If your team is building agents, AI workflows, or LLM features that call APIs, databases, search indexes, calculators, ticketing systems, or internal services, you need a debugging process that goes beyond reading the final answer. You need to inspect each model decision, tool input, tool output, latency, retry, and prompt version.

Start by Capturing the Full Tool Call Trace

You cannot debug tool calls from the final response alone. A user may see “I couldn’t find that order,” but the real problem could be one of several issues:

• The model never called the order lookup tool.
• The model called the tool with the wrong customer ID.
• The tool returned a 500 error.
• The tool returned valid data, but the model ignored it.
• The model called the correct tool before it had enough information.

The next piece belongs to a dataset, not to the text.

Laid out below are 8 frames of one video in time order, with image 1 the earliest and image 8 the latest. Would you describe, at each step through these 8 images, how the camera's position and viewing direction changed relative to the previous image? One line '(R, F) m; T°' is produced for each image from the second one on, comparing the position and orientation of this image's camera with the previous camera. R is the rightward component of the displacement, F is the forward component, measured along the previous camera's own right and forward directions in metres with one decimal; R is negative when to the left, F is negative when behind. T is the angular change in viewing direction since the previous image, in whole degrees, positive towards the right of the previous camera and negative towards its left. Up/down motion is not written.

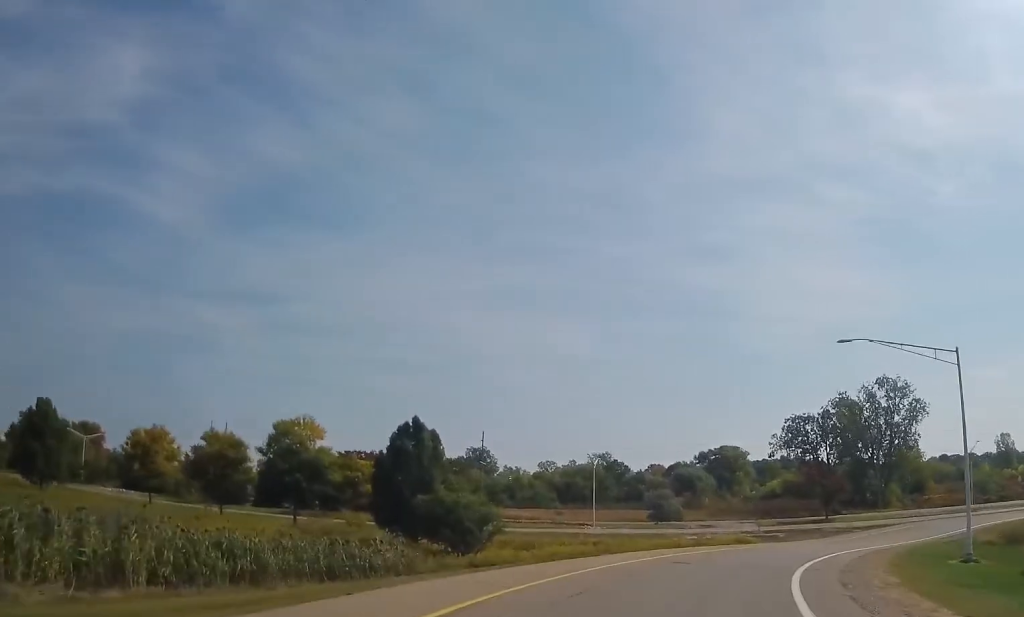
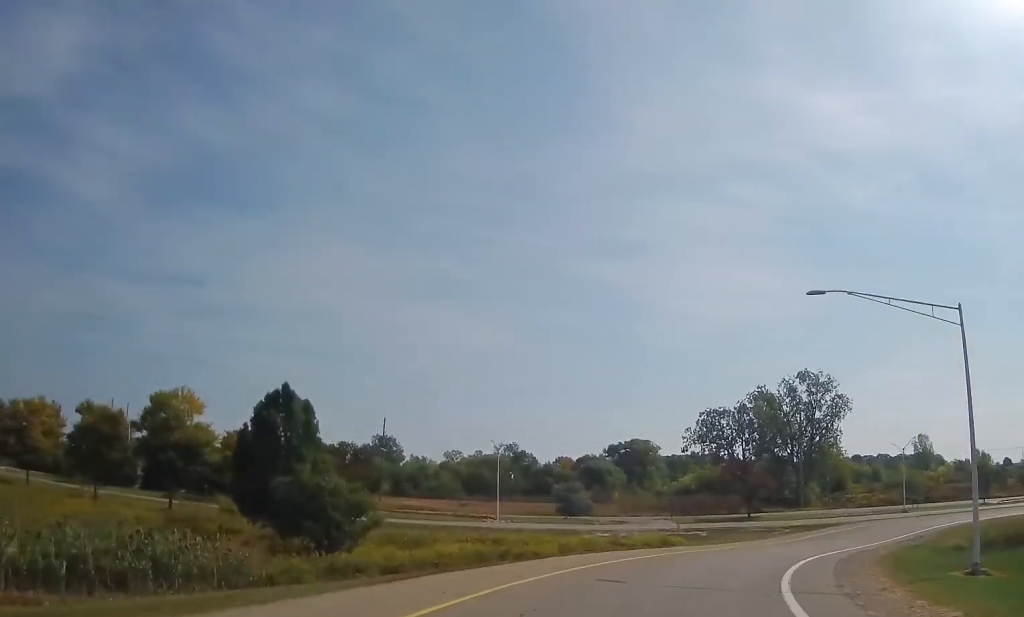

For each request, capture at least these fields:

• User input: the exact message or event that triggered the workflow.
• System and developer instructions: including prompt version and runtime variables.
• Available tools: names, descriptions, JSON schemas, and required fields.
• Model choice: tool selected, arguments generated, or decision to answer directly.
• Tool execution result: response body, status code, error, timeout, and latency.
• Intermediate messages: tool results returned to the model and follow-up reasoning context where available.
• Final answer: what the user or downstream system received.

This is where LLM observability becomes essential. Standard application logs tell you whether an API failed. LLM traces tell you why the model chose a specific tool, what arguments it generated, and how the result affected the next step.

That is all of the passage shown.